▶ The data
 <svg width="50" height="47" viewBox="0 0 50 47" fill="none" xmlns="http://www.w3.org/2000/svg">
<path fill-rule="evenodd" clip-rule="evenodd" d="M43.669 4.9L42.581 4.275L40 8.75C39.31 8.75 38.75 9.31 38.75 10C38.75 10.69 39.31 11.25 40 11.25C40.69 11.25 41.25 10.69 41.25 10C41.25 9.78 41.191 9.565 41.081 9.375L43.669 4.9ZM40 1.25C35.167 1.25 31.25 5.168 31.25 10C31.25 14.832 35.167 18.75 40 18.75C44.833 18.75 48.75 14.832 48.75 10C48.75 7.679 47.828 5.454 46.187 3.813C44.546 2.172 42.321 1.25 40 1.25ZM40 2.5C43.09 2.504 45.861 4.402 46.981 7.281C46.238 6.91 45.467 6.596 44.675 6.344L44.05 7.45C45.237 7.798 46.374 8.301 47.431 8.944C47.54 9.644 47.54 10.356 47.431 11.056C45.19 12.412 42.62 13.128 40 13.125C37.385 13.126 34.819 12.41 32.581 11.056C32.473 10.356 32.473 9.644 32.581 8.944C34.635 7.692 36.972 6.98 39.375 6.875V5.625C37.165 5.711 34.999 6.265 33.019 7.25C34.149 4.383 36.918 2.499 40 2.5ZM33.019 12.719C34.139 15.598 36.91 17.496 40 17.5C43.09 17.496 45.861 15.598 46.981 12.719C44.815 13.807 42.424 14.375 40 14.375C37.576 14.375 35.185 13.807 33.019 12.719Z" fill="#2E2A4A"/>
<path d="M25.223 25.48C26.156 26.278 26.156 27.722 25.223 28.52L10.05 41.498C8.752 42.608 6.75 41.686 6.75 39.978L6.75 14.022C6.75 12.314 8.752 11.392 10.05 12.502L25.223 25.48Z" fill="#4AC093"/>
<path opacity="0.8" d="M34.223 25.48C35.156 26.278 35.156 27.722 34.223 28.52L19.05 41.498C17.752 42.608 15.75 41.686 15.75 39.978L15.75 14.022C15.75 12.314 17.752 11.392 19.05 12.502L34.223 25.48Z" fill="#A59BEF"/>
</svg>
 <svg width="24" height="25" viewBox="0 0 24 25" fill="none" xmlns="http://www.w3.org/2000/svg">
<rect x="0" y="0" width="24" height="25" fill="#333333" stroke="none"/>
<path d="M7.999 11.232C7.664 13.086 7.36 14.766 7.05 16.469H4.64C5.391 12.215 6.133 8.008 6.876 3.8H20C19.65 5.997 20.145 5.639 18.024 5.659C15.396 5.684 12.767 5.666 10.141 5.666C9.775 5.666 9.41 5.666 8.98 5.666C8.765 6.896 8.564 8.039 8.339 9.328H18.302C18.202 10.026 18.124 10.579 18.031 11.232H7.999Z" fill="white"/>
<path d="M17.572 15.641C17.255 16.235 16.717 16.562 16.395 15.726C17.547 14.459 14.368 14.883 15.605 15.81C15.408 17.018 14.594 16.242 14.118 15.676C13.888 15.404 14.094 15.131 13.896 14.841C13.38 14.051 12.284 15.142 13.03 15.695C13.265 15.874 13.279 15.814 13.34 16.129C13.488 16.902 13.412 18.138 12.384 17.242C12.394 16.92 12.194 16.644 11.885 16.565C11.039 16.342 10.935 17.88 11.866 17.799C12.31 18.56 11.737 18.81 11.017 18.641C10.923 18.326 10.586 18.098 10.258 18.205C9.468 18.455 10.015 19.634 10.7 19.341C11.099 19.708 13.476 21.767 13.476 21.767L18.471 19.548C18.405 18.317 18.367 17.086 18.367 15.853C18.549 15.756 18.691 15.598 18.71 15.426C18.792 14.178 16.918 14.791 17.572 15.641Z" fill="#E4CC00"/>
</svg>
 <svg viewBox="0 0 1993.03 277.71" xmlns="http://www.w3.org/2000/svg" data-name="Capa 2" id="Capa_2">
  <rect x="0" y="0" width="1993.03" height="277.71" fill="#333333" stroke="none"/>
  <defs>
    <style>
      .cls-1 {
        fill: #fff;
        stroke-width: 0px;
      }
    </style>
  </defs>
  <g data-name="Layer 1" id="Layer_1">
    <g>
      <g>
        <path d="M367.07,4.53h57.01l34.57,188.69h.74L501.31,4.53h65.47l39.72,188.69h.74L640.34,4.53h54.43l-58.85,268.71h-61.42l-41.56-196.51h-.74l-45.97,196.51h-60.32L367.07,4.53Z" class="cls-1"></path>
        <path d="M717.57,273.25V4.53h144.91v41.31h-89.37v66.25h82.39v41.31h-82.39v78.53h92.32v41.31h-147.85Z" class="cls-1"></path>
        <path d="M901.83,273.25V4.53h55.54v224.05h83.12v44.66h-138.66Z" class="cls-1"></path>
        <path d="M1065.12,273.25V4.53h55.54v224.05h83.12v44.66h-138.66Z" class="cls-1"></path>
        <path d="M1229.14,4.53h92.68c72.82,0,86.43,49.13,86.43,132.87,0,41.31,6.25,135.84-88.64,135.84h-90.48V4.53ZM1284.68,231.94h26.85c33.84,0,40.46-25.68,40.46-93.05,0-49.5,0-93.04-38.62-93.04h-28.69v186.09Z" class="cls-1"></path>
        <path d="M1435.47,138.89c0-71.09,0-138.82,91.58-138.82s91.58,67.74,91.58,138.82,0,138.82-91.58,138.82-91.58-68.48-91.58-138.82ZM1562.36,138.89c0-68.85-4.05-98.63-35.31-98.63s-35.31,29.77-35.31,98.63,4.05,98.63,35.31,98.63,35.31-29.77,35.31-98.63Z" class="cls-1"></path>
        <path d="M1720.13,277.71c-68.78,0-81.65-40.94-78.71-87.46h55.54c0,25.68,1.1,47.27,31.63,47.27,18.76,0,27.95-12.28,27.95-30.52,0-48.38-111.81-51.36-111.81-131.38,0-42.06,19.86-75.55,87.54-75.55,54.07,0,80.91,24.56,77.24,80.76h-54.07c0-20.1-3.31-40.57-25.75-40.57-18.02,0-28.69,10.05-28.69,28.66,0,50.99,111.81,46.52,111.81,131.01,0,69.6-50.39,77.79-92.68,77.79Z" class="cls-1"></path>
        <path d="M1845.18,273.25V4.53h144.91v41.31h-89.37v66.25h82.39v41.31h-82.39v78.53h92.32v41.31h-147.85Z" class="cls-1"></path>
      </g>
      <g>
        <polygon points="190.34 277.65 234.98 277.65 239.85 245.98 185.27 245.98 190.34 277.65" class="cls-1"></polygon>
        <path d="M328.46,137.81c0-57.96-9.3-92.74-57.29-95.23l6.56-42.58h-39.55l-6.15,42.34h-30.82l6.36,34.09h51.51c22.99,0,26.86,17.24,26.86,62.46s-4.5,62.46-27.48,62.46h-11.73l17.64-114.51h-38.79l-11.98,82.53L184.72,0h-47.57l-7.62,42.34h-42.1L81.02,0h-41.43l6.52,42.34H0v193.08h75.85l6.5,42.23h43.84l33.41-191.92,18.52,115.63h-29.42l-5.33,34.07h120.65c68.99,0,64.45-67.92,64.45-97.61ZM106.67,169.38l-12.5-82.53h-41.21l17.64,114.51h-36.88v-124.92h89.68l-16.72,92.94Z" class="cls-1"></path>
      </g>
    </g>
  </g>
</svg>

▶ Task to carry out
Using the data above, reproduce every line exactly.

▶ Result of the task
 <svg width="50" height="47" viewBox="0 0 50 47" fill="none" xmlns="http://www.w3.org/2000/svg">
<path fill-rule="evenodd" clip-rule="evenodd" d="M43.669 4.9L42.581 4.275L40 8.75C39.31 8.75 38.75 9.31 38.75 10C38.75 10.69 39.31 11.25 40 11.25C40.69 11.25 41.25 10.69 41.25 10C41.25 9.78 41.191 9.565 41.081 9.375L43.669 4.9ZM40 1.25C35.167 1.25 31.25 5.168 31.25 10C31.25 14.832 35.167 18.75 40 18.75C44.833 18.75 48.75 14.832 48.75 10C48.75 7.679 47.828 5.454 46.187 3.813C44.546 2.172 42.321 1.25 40 1.25ZM40 2.5C43.09 2.504 45.861 4.402 46.981 7.281C46.238 6.91 45.467 6.596 44.675 6.344L44.05 7.45C45.237 7.798 46.374 8.301 47.431 8.944C47.54 9.644 47.54 10.356 47.431 11.056C45.19 12.412 42.62 13.128 40 13.125C37.385 13.126 34.819 12.41 32.581 11.056C32.473 10.356 32.473 9.644 32.581 8.944C34.635 7.692 36.972 6.98 39.375 6.875V5.625C37.165 5.711 34.999 6.265 33.019 7.25C34.149 4.383 36.918 2.499 40 2.5ZM33.019 12.719C34.139 15.598 36.91 17.496 40 17.5C43.09 17.496 45.861 15.598 46.981 12.719C44.815 13.807 42.424 14.375 40 14.375C37.576 14.375 35.185 13.807 33.019 12.719Z" fill="#2E2A4A"/>
<path d="M25.223 25.48C26.156 26.278 26.156 27.722 25.223 28.52L10.05 41.498C8.752 42.608 6.75 41.686 6.75 39.978L6.75 14.022C6.75 12.314 8.752 11.392 10.05 12.502L25.223 25.48Z" fill="#4AC093"/>
<path opacity="0.8" d="M34.223 25.48C35.156 26.278 35.156 27.722 34.223 28.52L19.05 41.498C17.752 42.608 15.75 41.686 15.75 39.978L15.75 14.022C15.75 12.314 17.752 11.392 19.05 12.502L34.223 25.48Z" fill="#A59BEF"/>
</svg>
 <svg width="24" height="25" viewBox="0 0 24 25" fill="none" xmlns="http://www.w3.org/2000/svg">
<rect x="0" y="0" width="24" height="25" fill="#333333" stroke="none"/>
<path d="M7.999 11.232C7.664 13.086 7.36 14.766 7.05 16.469H4.64C5.391 12.215 6.133 8.008 6.876 3.8H20C19.65 5.997 20.145 5.639 18.024 5.659C15.396 5.684 12.767 5.666 10.141 5.666C9.775 5.666 9.41 5.666 8.98 5.666C8.765 6.896 8.564 8.039 8.339 9.328H18.302C18.202 10.026 18.124 10.579 18.031 11.232H7.999Z" fill="white"/>
<path d="M17.572 15.641C17.255 16.235 16.717 16.562 16.395 15.726C17.547 14.459 14.368 14.883 15.605 15.81C15.408 17.018 14.594 16.242 14.118 15.676C13.888 15.404 14.094 15.131 13.896 14.841C13.38 14.051 12.284 15.142 13.03 15.695C13.265 15.874 13.279 15.814 13.34 16.129C13.488 16.902 13.412 18.138 12.384 17.242C12.394 16.92 12.194 16.644 11.885 16.565C11.039 16.342 10.935 17.88 11.866 17.799C12.31 18.56 11.737 18.81 11.017 18.641C10.923 18.326 10.586 18.098 10.258 18.205C9.468 18.455 10.015 19.634 10.7 19.341C11.099 19.708 13.476 21.767 13.476 21.767L18.471 19.548C18.405 18.317 18.367 17.086 18.367 15.853C18.549 15.756 18.691 15.598 18.71 15.426C18.792 14.178 16.918 14.791 17.572 15.641Z" fill="#E4CC00"/>
</svg>
 <svg viewBox="0 0 1993.03 277.71" xmlns="http://www.w3.org/2000/svg" data-name="Capa 2" id="Capa_2">
  <rect x="0" y="0" width="1993.03" height="277.71" fill="#333333" stroke="none"/>
  <defs>
    <style>
      .cls-1 {
        fill: #fff;
        stroke-width: 0px;
      }
    </style>
  </defs>
  <g data-name="Layer 1" id="Layer_1">
    <g>
      <g>
        <path d="M367.07,4.53h57.01l34.57,188.69h.74L501.31,4.53h65.47l39.72,188.69h.74L640.34,4.53h54.43l-58.85,268.71h-61.42l-41.56-196.51h-.74l-45.97,196.51h-60.32L367.07,4.53Z" class="cls-1"></path>
        <path d="M717.57,273.25V4.53h144.91v41.31h-89.37v66.25h82.39v41.31h-82.39v78.53h92.32v41.31h-147.85Z" class="cls-1"></path>
        <path d="M901.83,273.25V4.53h55.54v224.05h83.12v44.66h-138.66Z" class="cls-1"></path>
        <path d="M1065.12,273.25V4.53h55.54v224.05h83.12v44.66h-138.66Z" class="cls-1"></path>
        <path d="M1229.14,4.53h92.68c72.82,0,86.43,49.13,86.43,132.87,0,41.31,6.25,135.84-88.64,135.84h-90.48V4.53ZM1284.68,231.94h26.85c33.84,0,40.46-25.68,40.46-93.05,0-49.5,0-93.04-38.62-93.04h-28.69v186.09Z" class="cls-1"></path>
        <path d="M1435.47,138.89c0-71.09,0-138.82,91.58-138.82s91.58,67.74,91.58,138.82,0,138.82-91.58,138.82-91.58-68.48-91.58-138.82ZM1562.36,138.89c0-68.85-4.05-98.63-35.31-98.63s-35.31,29.77-35.31,98.63,4.05,98.63,35.31,98.63,35.31-29.77,35.31-98.63Z" class="cls-1"></path>
        <path d="M1720.13,277.71c-68.78,0-81.65-40.94-78.71-87.46h55.54c0,25.68,1.1,47.27,31.63,47.27,18.76,0,27.95-12.28,27.95-30.52,0-48.38-111.81-51.36-111.81-131.38,0-42.06,19.86-75.55,87.54-75.55,54.07,0,80.91,24.56,77.24,80.76h-54.07c0-20.1-3.31-40.57-25.75-40.57-18.02,0-28.69,10.05-28.69,28.66,0,50.99,111.81,46.52,111.81,131.01,0,69.6-50.39,77.79-92.68,77.79Z" class="cls-1"></path>
        <path d="M1845.18,273.25V4.53h144.91v41.31h-89.37v66.25h82.39v41.31h-82.39v78.53h92.32v41.31h-147.85Z" class="cls-1"></path>
      </g>
      <g>
        <polygon points="190.34 277.65 234.98 277.65 239.85 245.98 185.27 245.98 190.34 277.65" class="cls-1"></polygon>
        <path d="M328.46,137.81c0-57.96-9.3-92.74-57.29-95.23l6.56-42.58h-39.55l-6.15,42.34h-30.82l6.36,34.09h51.51c22.99,0,26.86,17.24,26.86,62.46s-4.5,62.46-27.48,62.46h-11.73l17.64-114.51h-38.79l-11.98,82.53L184.72,0h-47.57l-7.62,42.34h-42.1L81.02,0h-41.43l6.52,42.34H0v193.08h75.85l6.5,42.23h43.84l33.41-191.92,18.52,115.63h-29.42l-5.33,34.07h120.65c68.99,0,64.45-67.92,64.45-97.61ZM106.67,169.38l-12.5-82.53h-41.21l17.64,114.51h-36.88v-124.92h89.68l-16.72,92.94Z" class="cls-1"></path>
      </g>
    </g>
  </g>
</svg>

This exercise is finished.